A server can partially process requests that are incomplete. Parsing
header fields - without acting on the values - and determining
request routing is likely to be safe from side-effects, but other
actions might not be.
This text seems like it might be sharper. If you receive a request that
is partly in early data, but you don't process it until you have
the whole request, this guarantees that it has not been replayed
to you but not to others, if they start processing earlier. So maybe
say:
what matters is when servers starts acting upon the contents
of a request. Any time any server instance might initiate
processing prior to completion of the handshake, all server instances
need to consider how a possible replay of early data could affect that
processing (see also Section 6.2).
S 4.
If the server rejects early data at the TLS layer, a client MUST
start sending again as though the connection was new. For HTTP/2,
this means re-sending the connection preface.
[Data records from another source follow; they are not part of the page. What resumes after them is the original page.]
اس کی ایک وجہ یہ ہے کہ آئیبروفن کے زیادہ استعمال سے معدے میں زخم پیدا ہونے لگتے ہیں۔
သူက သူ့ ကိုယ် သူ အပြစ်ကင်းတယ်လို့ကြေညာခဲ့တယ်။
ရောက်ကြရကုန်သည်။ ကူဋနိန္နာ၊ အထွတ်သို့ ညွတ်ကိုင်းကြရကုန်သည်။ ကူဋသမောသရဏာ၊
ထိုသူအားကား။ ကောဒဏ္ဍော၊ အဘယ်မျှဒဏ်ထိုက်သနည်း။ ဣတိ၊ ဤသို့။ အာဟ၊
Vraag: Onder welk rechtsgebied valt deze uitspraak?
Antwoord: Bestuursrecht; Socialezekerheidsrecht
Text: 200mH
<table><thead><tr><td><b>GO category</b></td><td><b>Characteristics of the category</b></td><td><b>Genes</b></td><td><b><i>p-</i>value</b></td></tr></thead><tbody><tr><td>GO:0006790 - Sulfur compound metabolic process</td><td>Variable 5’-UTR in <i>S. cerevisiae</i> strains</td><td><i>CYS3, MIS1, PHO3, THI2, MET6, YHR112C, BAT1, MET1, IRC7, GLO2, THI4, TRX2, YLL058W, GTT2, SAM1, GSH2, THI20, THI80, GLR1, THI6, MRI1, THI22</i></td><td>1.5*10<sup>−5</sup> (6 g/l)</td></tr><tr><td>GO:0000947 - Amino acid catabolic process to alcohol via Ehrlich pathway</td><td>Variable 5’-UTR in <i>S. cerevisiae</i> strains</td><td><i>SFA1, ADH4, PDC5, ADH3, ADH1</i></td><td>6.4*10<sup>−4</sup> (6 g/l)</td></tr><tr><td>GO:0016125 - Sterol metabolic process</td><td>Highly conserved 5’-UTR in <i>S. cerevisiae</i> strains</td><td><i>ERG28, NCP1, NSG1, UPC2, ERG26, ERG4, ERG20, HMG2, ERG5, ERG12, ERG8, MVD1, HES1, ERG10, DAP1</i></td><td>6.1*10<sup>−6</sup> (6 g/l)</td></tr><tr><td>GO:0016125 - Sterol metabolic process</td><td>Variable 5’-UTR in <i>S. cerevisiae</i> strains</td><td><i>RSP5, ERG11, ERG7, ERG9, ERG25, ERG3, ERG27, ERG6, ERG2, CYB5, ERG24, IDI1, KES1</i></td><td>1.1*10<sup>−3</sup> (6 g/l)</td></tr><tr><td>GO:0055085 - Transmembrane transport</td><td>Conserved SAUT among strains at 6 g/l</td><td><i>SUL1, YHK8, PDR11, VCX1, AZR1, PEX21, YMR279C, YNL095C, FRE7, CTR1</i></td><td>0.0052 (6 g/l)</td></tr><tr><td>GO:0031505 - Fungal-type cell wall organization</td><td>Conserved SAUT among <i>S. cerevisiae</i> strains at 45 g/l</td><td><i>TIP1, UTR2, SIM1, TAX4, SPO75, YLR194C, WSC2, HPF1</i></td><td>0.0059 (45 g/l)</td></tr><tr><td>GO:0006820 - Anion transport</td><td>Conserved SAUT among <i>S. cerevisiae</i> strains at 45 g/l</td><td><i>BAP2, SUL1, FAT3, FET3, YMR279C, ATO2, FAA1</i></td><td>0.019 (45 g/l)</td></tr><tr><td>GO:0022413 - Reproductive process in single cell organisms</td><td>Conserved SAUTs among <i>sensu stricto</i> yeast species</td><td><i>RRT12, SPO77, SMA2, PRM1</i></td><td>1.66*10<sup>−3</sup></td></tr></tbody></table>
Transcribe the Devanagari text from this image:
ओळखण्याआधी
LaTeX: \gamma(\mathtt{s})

Any requests sent in
early data MUST be sent again, unless the client decides to abandon
those requests.
You should mention here that this might need ALPN negotiation.
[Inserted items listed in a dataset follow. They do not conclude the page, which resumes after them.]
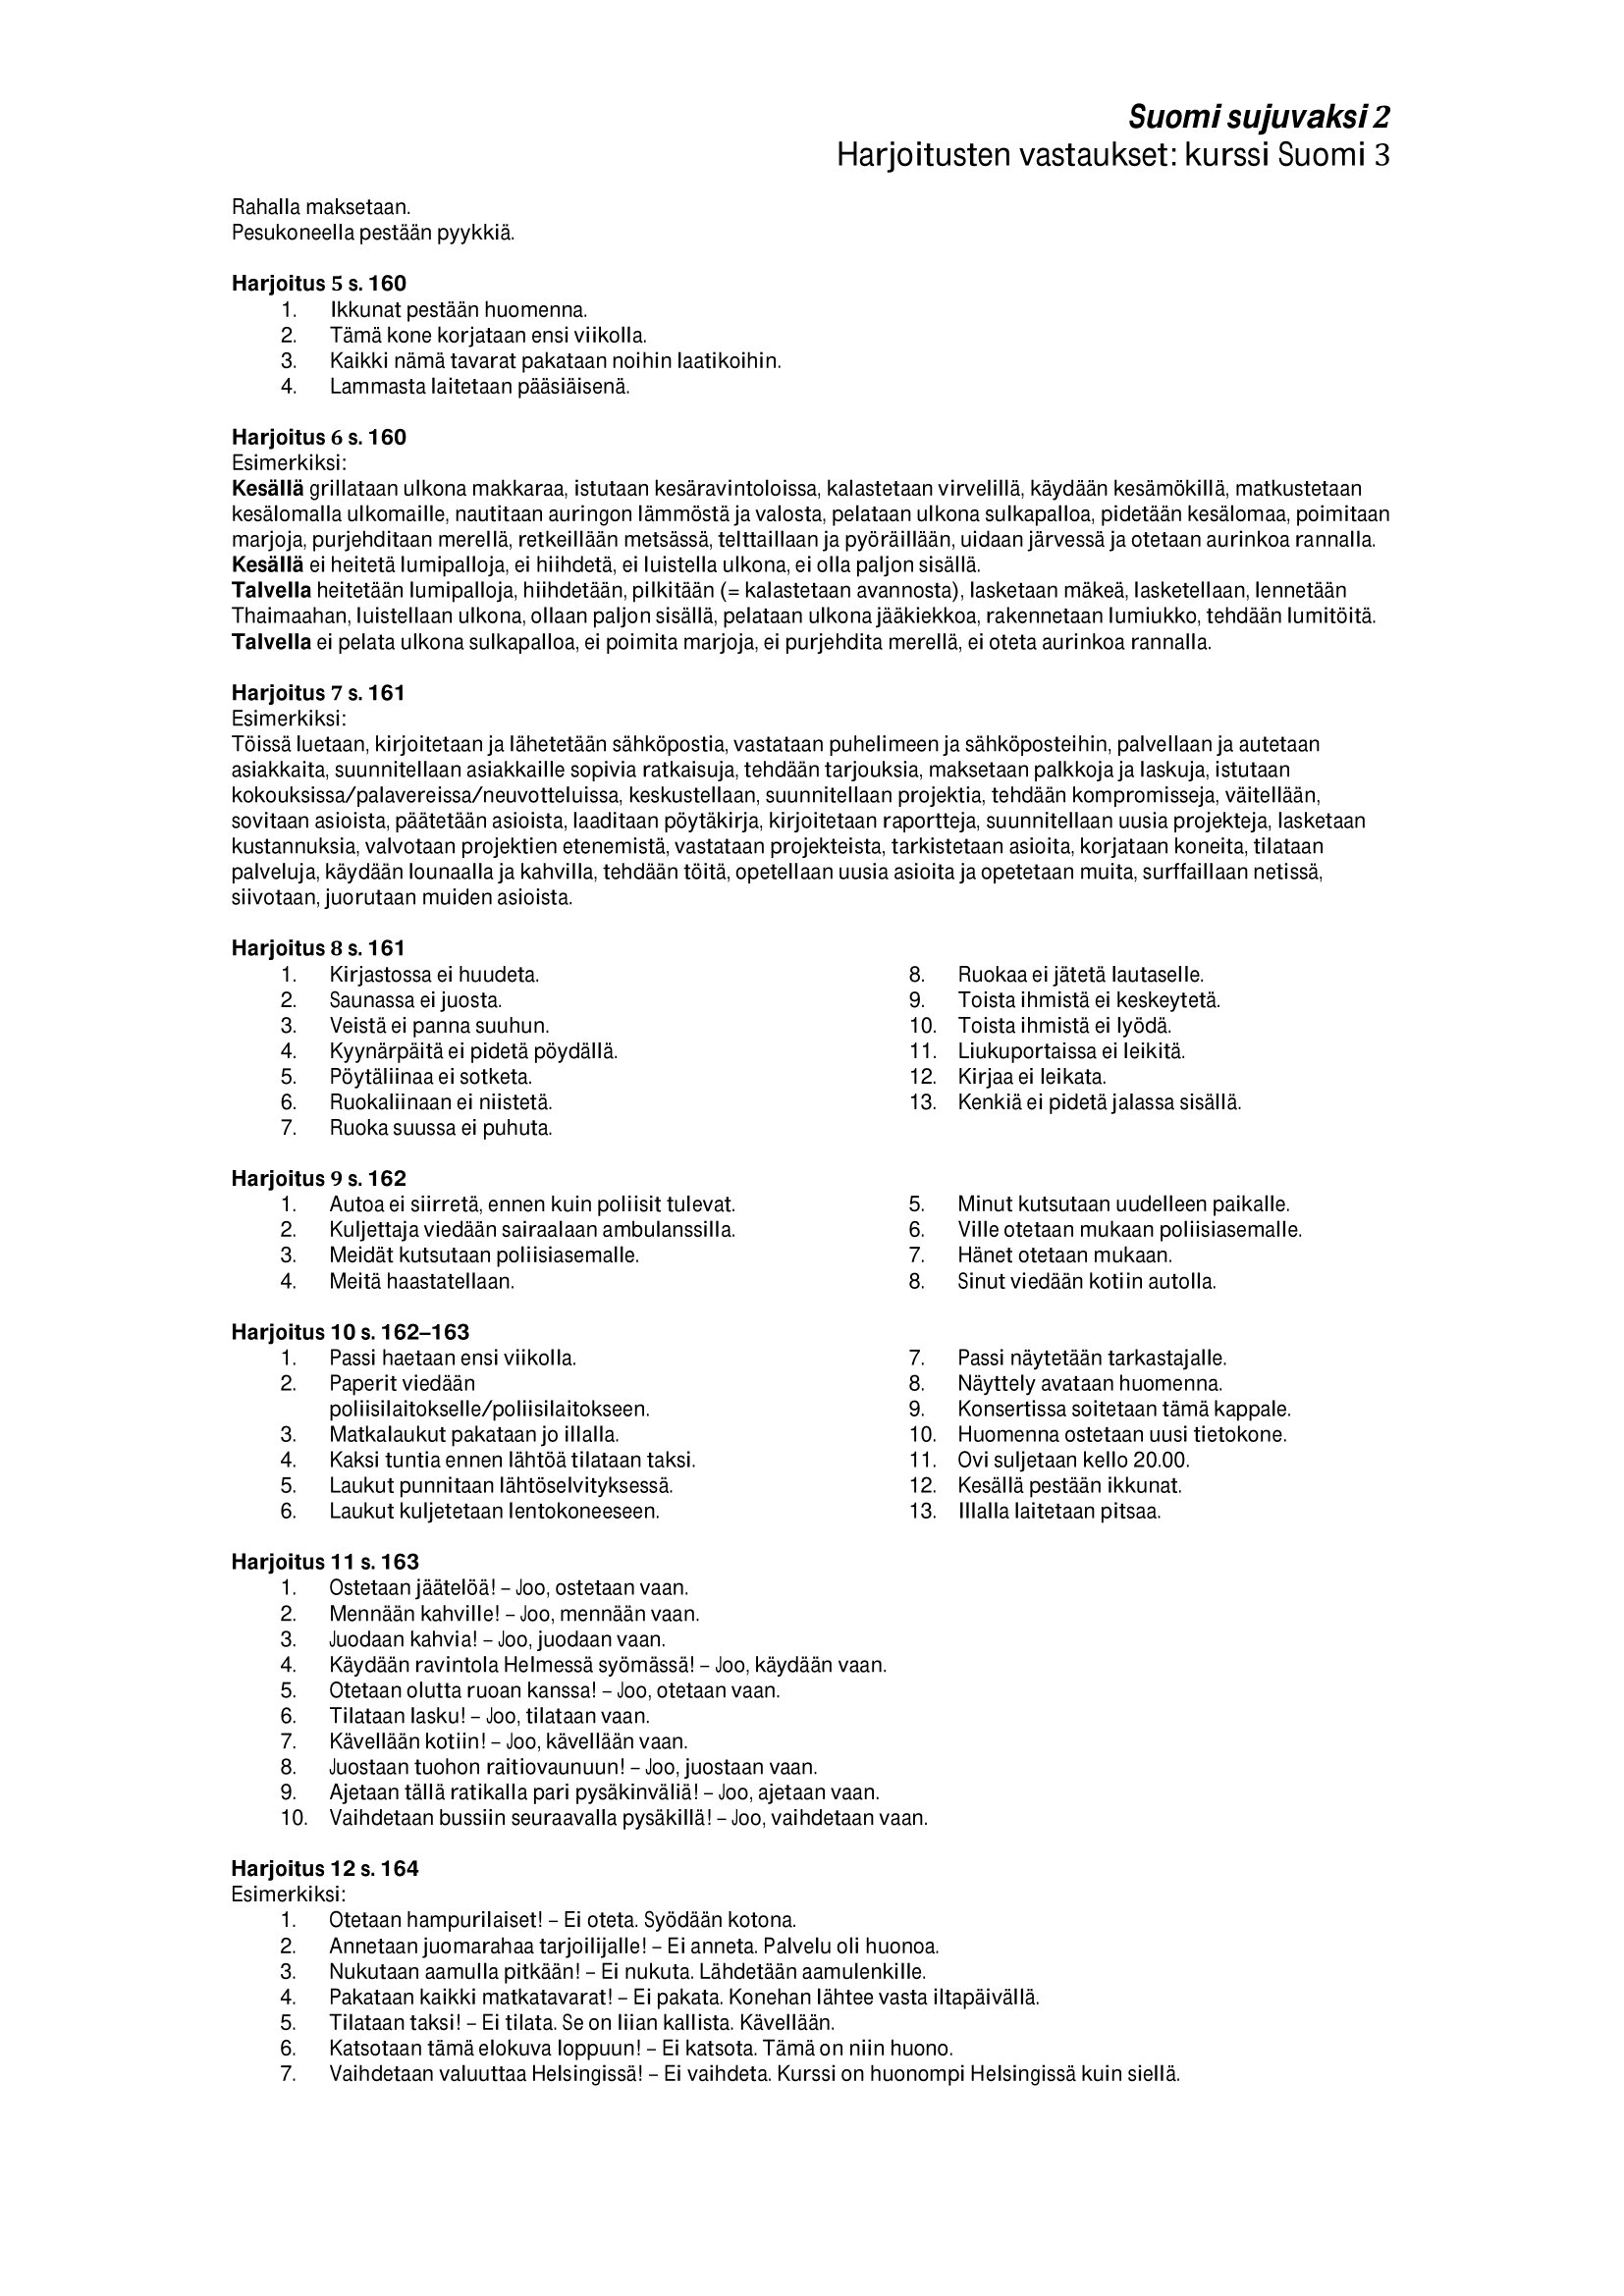
Language: fn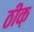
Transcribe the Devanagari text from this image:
ठीक़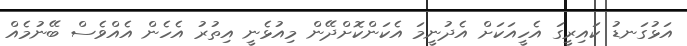
އަޅުގަނޑު ކައިރީގަ އެހީއަކަށް އެދުނީމަ އެކަންކޮށްދޭން މިއުޅެނީ އިތުރު އެހެން އެއްވެސް ބޭނުމެއް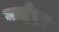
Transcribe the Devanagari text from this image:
गर्दरा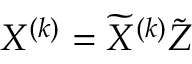
{ X } ^ { ( k ) } = \widetilde { X } ^ { ( k ) } \widetilde { Z }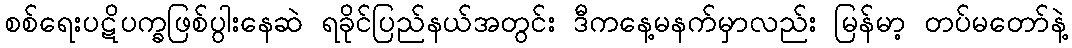
စစ်ရေးပဋိပက္ခဖြစ်ပွါးနေဆဲ ရခိုင်ပြည်နယ်အတွင်း ဒီကနေ့မနက်မှာလည်း မြန်မာ့ တပ်မတော်နဲ့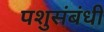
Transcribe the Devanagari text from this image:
पशुसंबंधी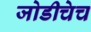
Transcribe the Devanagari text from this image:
जोडीचेच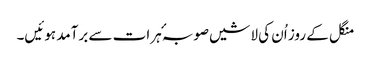
منگل کے روز اُن کی لاشیں صوبہٴ ہرات سے برآمد ہوئیں۔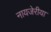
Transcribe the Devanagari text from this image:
नायजेरीया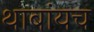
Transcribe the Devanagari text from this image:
थाबांयच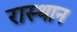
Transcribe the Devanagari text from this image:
रास्थान

This automatic retry exposes the request to a potential replay
attack. An attacker sends early data to one server instance that
accepts and processes the early data, but allows that connection to
proceed no further. The attacker then forwards the same messages
from the client to another server instance that will reject early
data. The client then retries the request, resulting in the request
being processed twice. Replays are also possible if there are
multiple server instances that will accept early data, or if the same
server accepts early data multiple times (though this would be in
violation of requirements in TLS).
You should cite the specific section in TLS (S 8).
S 5.
The "Early-Data" header field is included in requests that are
received in early data.
Do you mean "partially received" here?
S 5.2.
Clients (user-agents and intermediaries) that sent the request in
early data MUST automatically retry the request when receiving a 425
(Too Early) response status code. Such retries MUST NOT be sent in
early data.
Intermediaries that receive a 425 (Too Early) status code MAY
automatically retry requests after allowing the handshake to complete
unless the original request contained the "Early-Data" header field
when it was received. Otherwise, an intermediary MUST forward the
425 (Too Early) status code.
I am having trouble reading this text. It seems to me that the first
graf says that intermediaries MUST retry when I receive 425, and then
the second graf says that it MUST instead forward 425 if the
Early-Data header was not in the request.